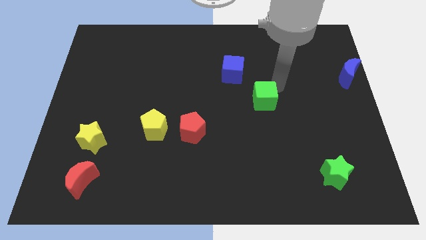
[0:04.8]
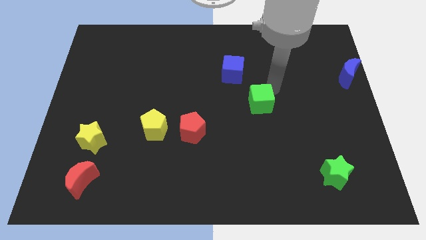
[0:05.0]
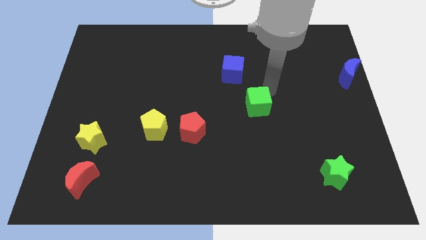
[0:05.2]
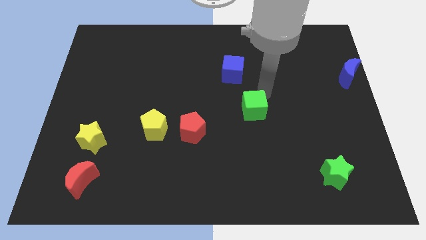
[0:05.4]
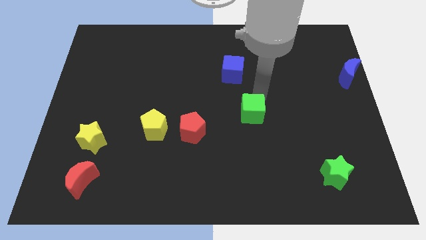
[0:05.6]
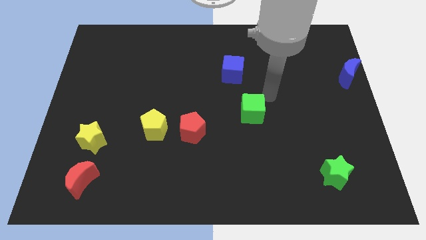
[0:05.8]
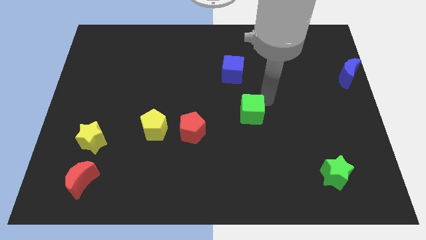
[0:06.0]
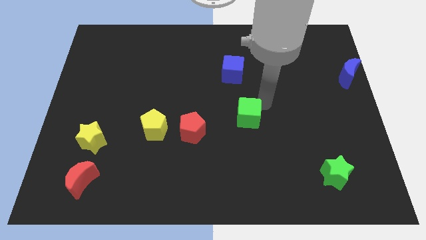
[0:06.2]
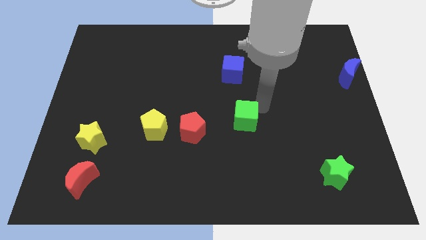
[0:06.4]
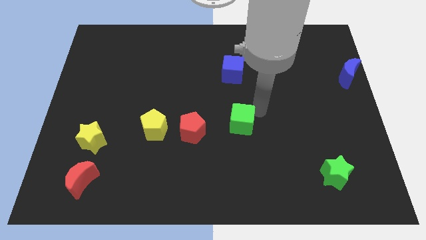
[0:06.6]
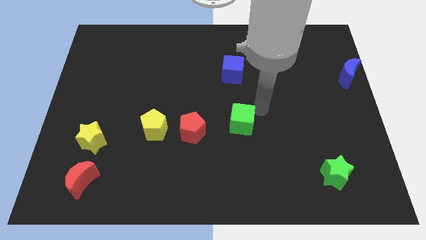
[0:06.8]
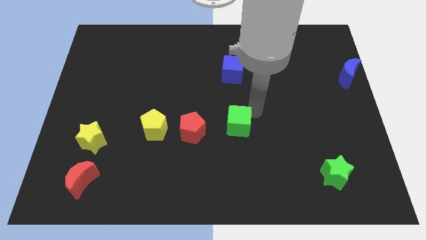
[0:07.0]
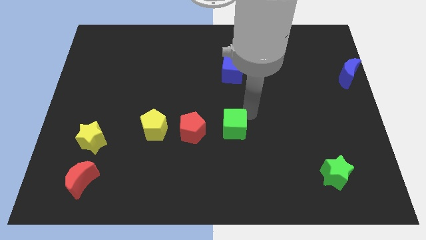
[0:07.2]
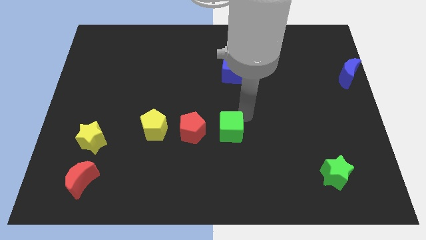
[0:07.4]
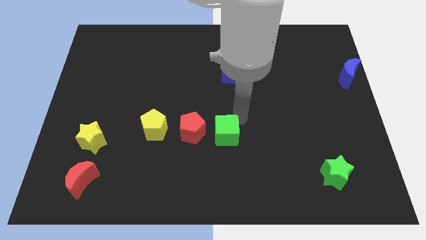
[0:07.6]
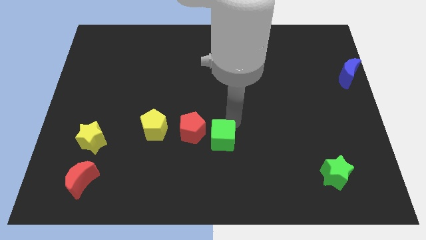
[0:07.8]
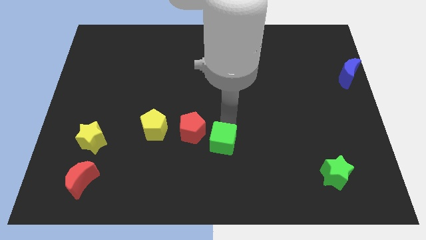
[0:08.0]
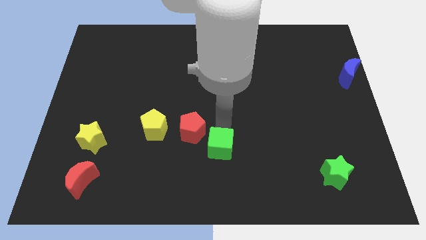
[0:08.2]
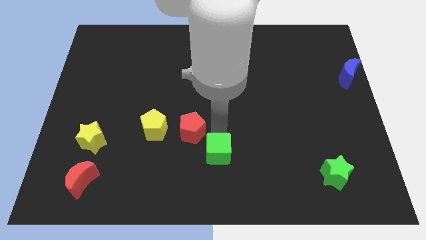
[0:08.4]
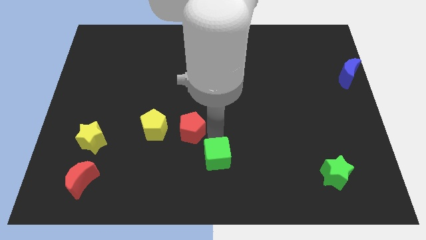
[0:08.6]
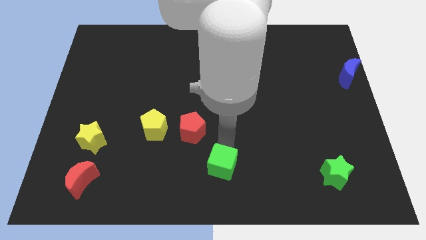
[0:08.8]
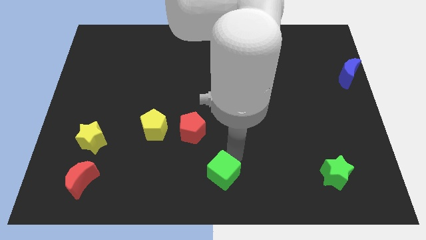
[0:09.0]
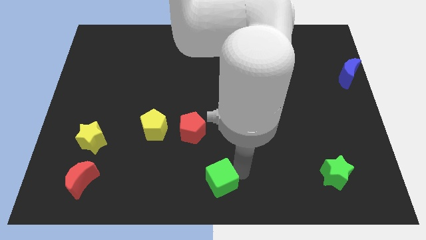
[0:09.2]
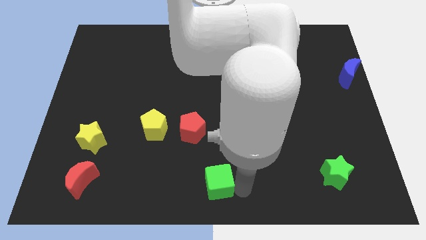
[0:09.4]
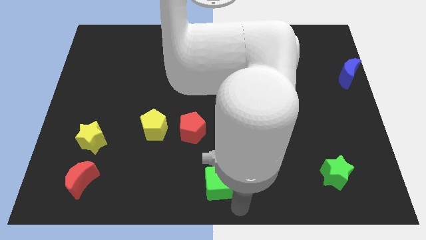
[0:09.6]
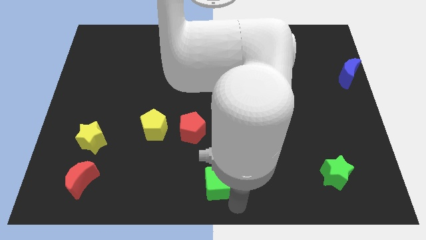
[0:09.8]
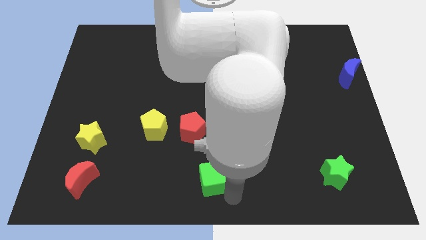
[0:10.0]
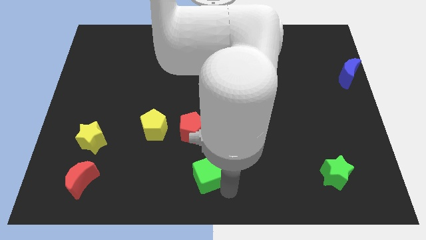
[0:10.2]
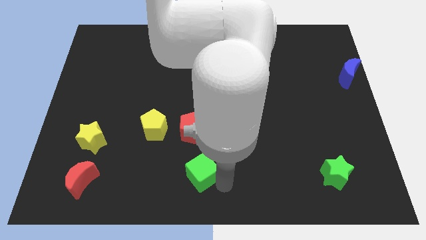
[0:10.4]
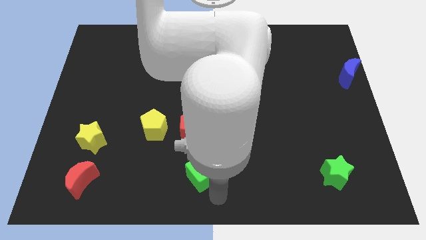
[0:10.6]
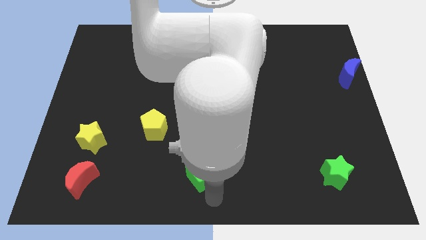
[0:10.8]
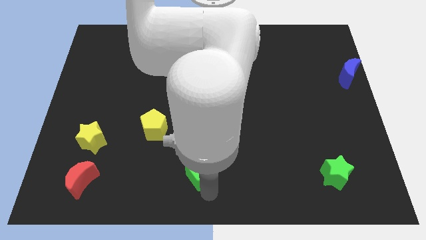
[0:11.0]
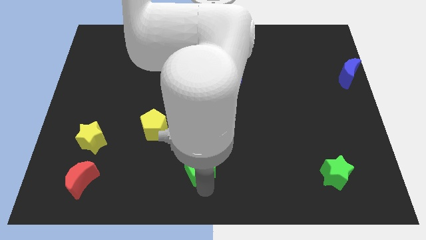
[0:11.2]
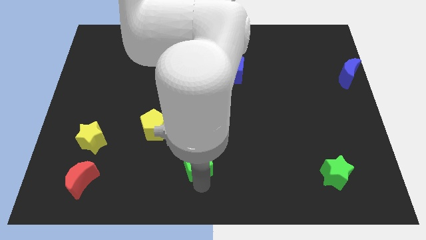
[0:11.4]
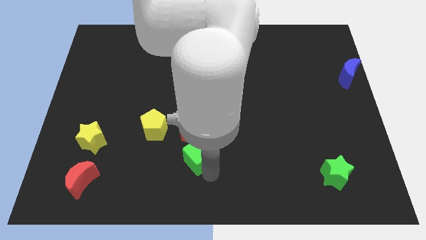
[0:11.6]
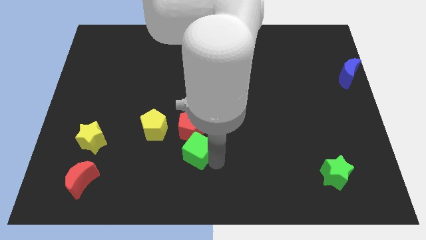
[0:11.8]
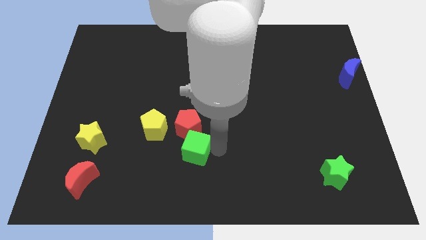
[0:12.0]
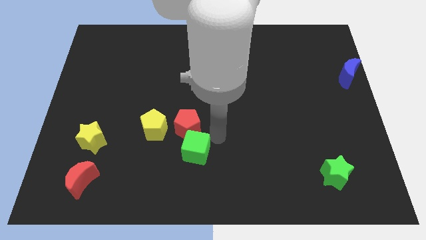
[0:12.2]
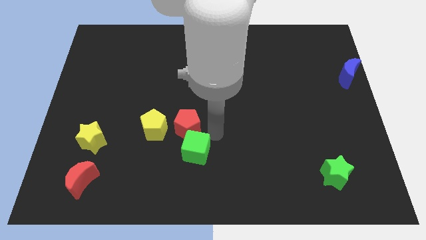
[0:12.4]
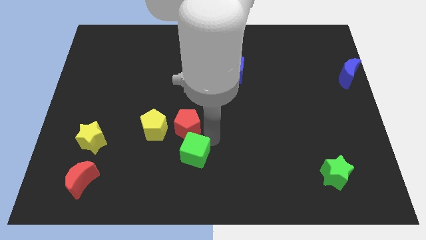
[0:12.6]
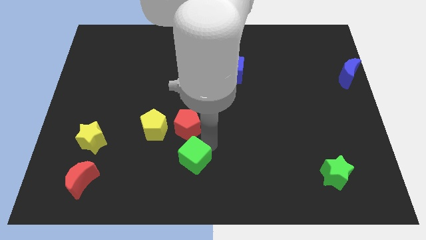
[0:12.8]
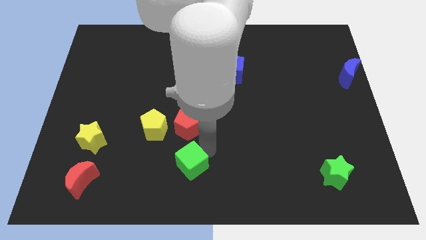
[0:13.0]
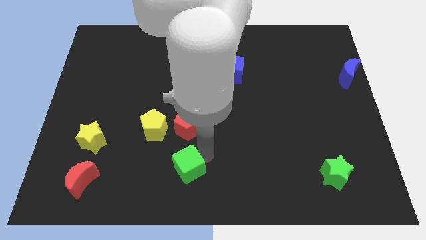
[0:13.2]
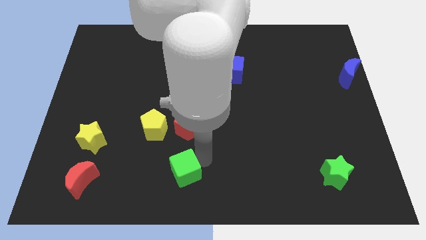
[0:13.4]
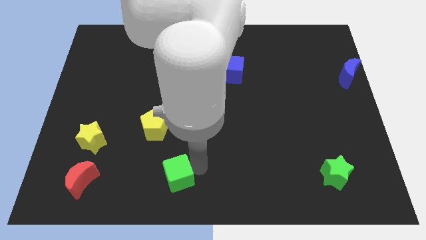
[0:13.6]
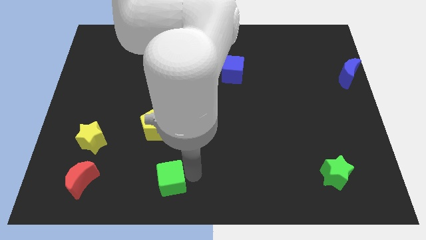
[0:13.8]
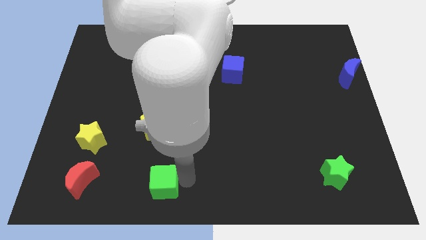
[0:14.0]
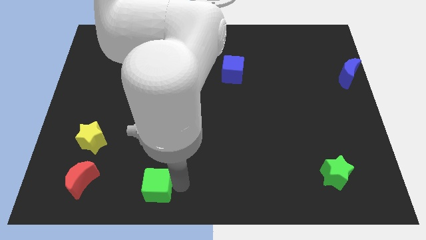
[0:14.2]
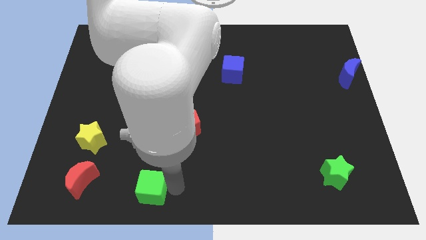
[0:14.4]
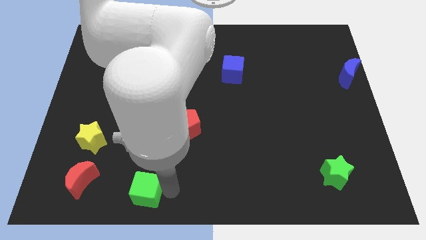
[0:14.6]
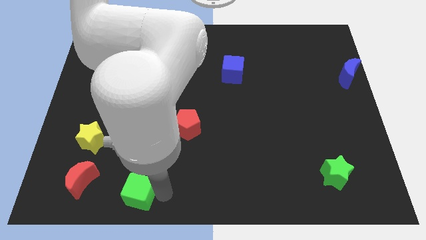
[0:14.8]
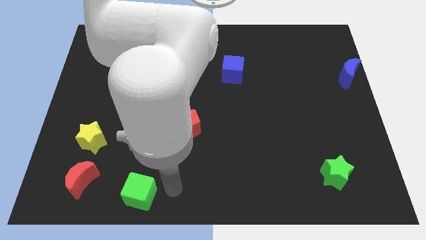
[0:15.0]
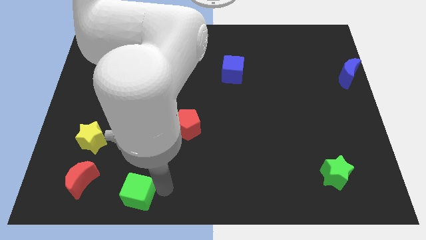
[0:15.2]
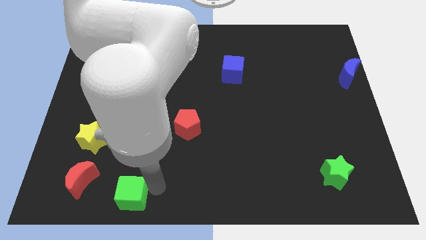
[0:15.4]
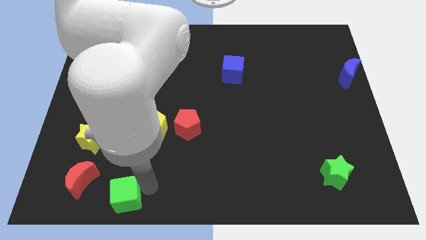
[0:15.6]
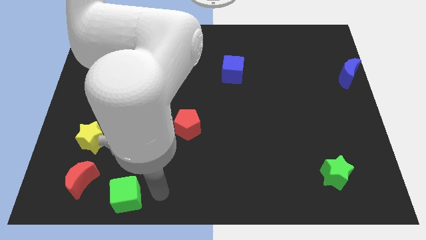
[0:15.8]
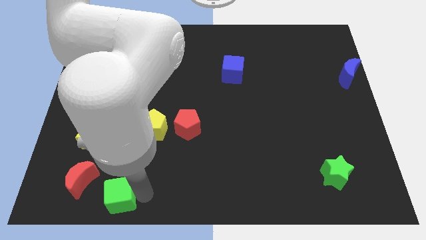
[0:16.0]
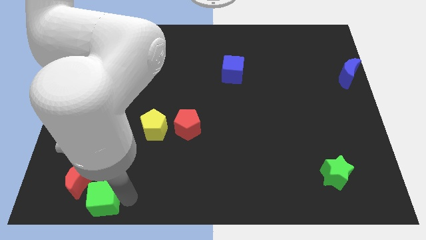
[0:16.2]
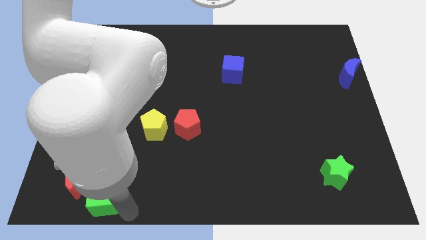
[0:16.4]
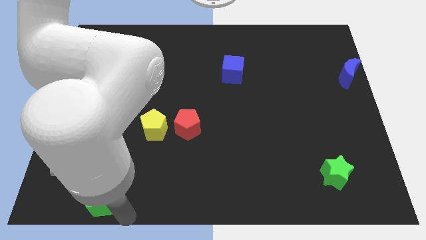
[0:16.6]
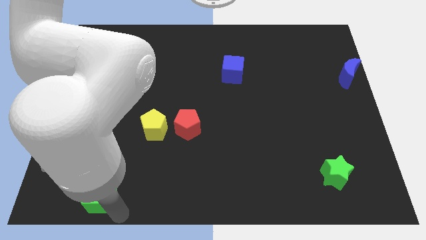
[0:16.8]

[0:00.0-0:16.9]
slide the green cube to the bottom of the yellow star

:::::

The records above are to be transcribed word for word. Skip the images.

**Task answer:**
[0:04.8]
[0:05.0]
[0:05.2]
[0:05.4]
[0:05.6]
[0:05.8]
[0:06.0]
[0:06.2]
[0:06.4]
[0:06.6]
[0:06.8]
[0:07.0]
[0:07.2]
[0:07.4]
[0:07.6]
[0:07.8]
[0:08.0]
[0:08.2]
[0:08.4]
[0:08.6]
[0:08.8]
[0:09.0]
[0:09.2]
[0:09.4]
[0:09.6]
[0:09.8]
[0:10.0]
[0:10.2]
[0:10.4]
[0:10.6]
[0:10.8]
[0:11.0]
[0:11.2]
[0:11.4]
[0:11.6]
[0:11.8]
[0:12.0]
[0:12.2]
[0:12.4]
[0:12.6]
[0:12.8]
[0:13.0]
[0:13.2]
[0:13.4]
[0:13.6]
[0:13.8]
[0:14.0]
[0:14.2]
[0:14.4]
[0:14.6]
[0:14.8]
[0:15.0]
[0:15.2]
[0:15.4]
[0:15.6]
[0:15.8]
[0:16.0]
[0:16.2]
[0:16.4]
[0:16.6]
[0:16.8]

[0:00.0-0:16.9]
slide the green cube to the bottom of the yellow star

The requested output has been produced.